Understanding Referential Joins..
In SAP HANA there are 2 new type of db joins in addition to 4 standard db joins, they are “Referential Join” and “Text Join”. Knowing how and when to use Referential Join will be useful when there are complex data models in works.
This post explains Referential Join topics in the below order:
- Referential Integrity with an Example.
- Referential Join.
- Examples with different query scenarios.
- When to use Referential Join?
Referential Integrity with an Example.
With the relationship of “Primary Key” and “Foreign Key” between multiple tables, the meaning of the data is complete with all dependencies established by the relationship. If primary key record is deleted or edited then the meaning might no more be same as data in secondary tables might be separated without any dependency.
Any foreign key is expected as a primary key in the referenced table this is referential integrity.
B_ID column in Books table is primary key and foreign key in Publisher and Author table. With this established dependency the Book details will also get Author and Publisher names (data completeness ensured).
In a scenario where a record from Books table is deleted, the data in Publisher and Author will not make any sense on their own as they are linked with B_ID. By ensuring referential integrity the record in Books table cannot be deleted without first deleting the related records in Publisher and Author tables (this can be done with cascade delete also). In a similar way any primary key record is expected to have a foreign key record to ensure the completeness of the meaning of the data.
Referential Join works like Inner Join with the Referential Integrity of the data ensured and also behaves differently in different query scenarios
Examples with different query scenarios.
Note: The scenarios mentioned below are with respect to SAP HANA Calc Views
Join: Join Books.B_ID = Publisher.B_ID;
Scenario 1: Select * from Join;
In this case the referential join behaves like an inner join and gives out the common records
Result: B_ID: 101,102,103 with TITLE, P_NAME
Scenario 2: Select B_ID, TITLE from Join;
In this case data from right table is not queried for, therefore the join itself will not be executed (in calc views) which improves the performance of calc engine. We can say that in this scenario the referential join behaves like join from the Books table.
When to use Referential Join?
Use Referential join when the referential integrity of data is ensured. If the referential integrity is not ensured then the Join might not return expected result.
If a Star join is being built, by default the join choice is Referential. This is because the star join will contain the data from different dimensional tables and fact table. Even though it is not mandatory to have this join, it is preferred.

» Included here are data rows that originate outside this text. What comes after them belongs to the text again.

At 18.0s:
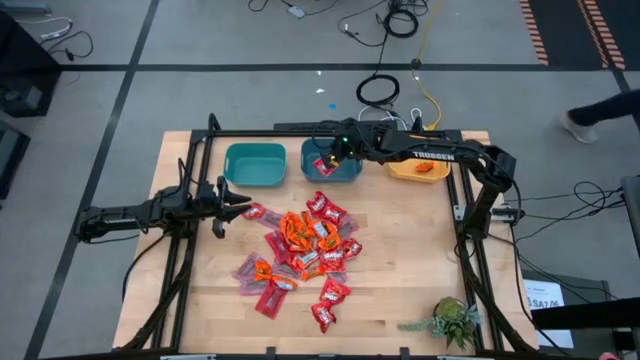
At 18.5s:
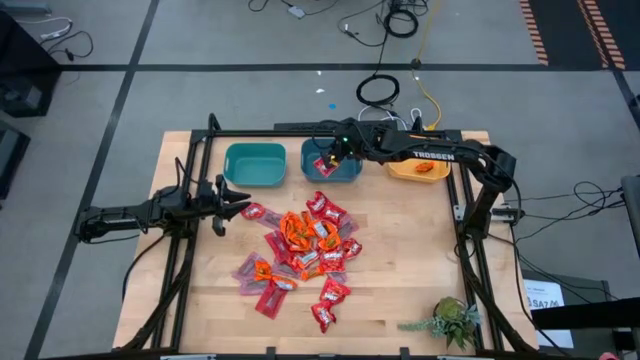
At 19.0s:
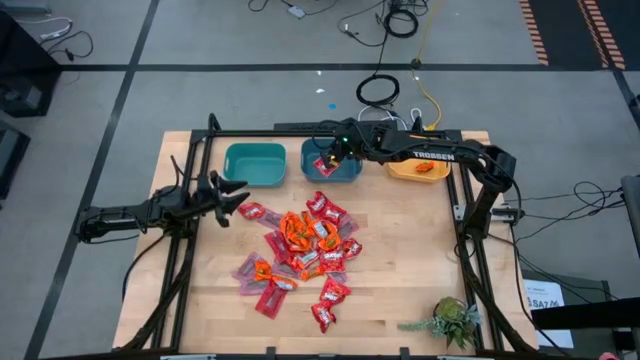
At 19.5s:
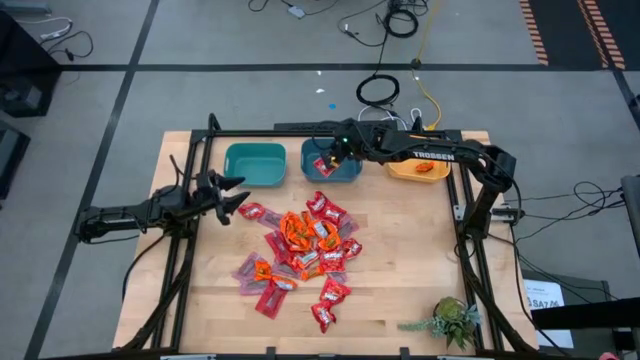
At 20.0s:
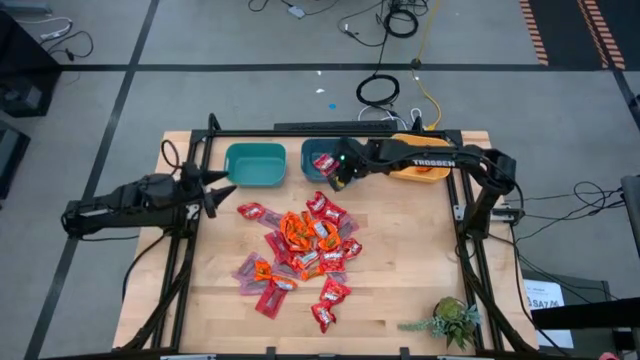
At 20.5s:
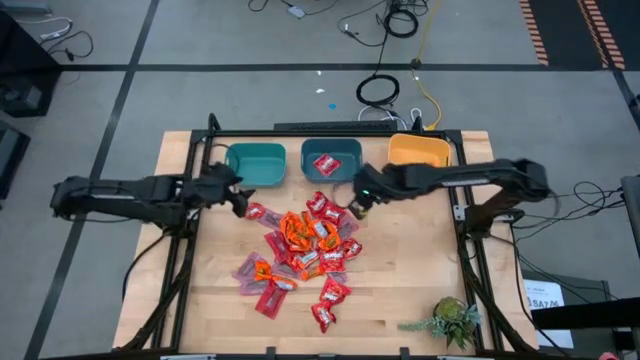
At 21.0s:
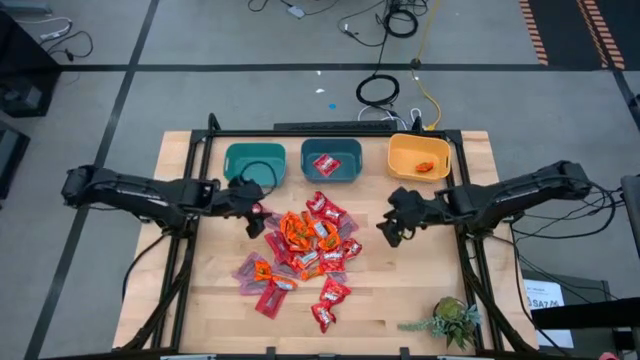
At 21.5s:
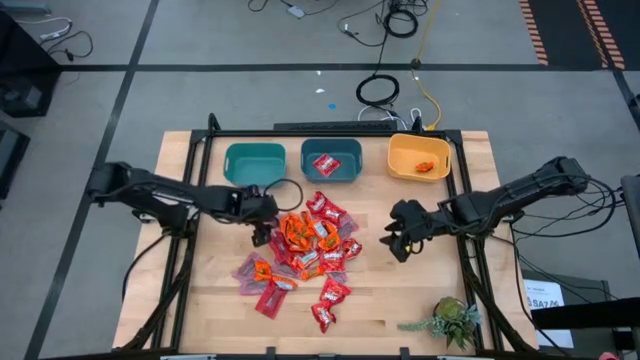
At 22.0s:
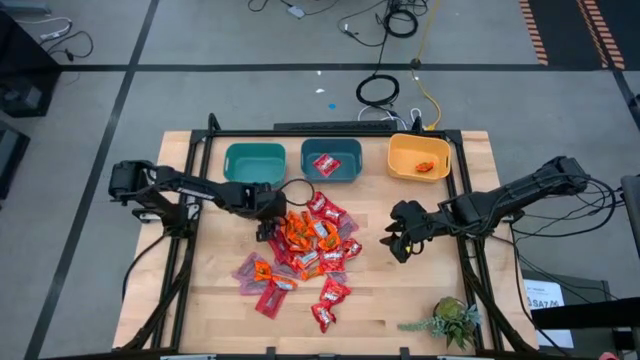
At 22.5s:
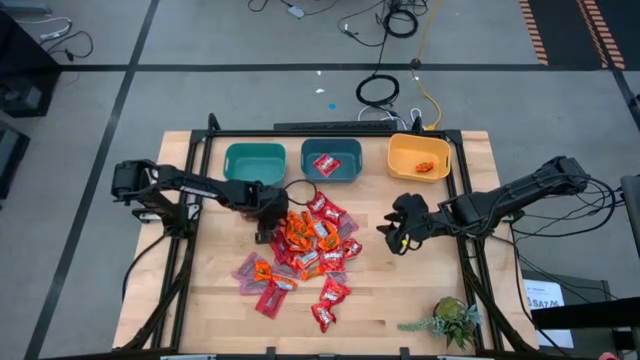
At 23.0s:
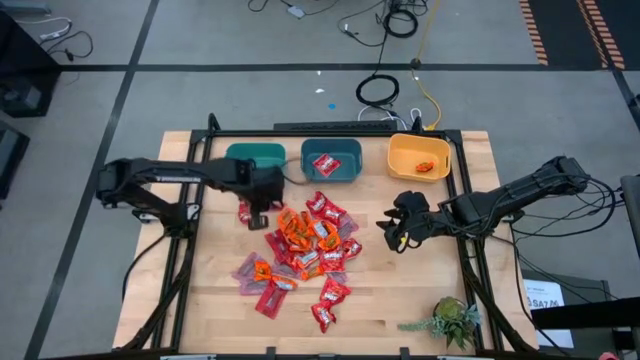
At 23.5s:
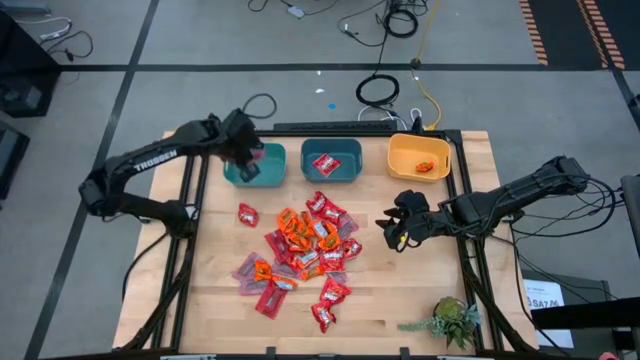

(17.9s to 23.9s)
Put the red chocolate into the green bin

Referential Join is built on Inner Join, and ensures Referential Integrity. It is optimised to use the calc engine in best way possible like in scenario 2 above.
Nice blog explaining the basics of Referential Join.
One comment from my side,
For Scenario2 : the Referential Join will not be executed if the cardinality is n:1 but if the cardinality on right table is not :1, the join will always be executed even if no column from right table is requested.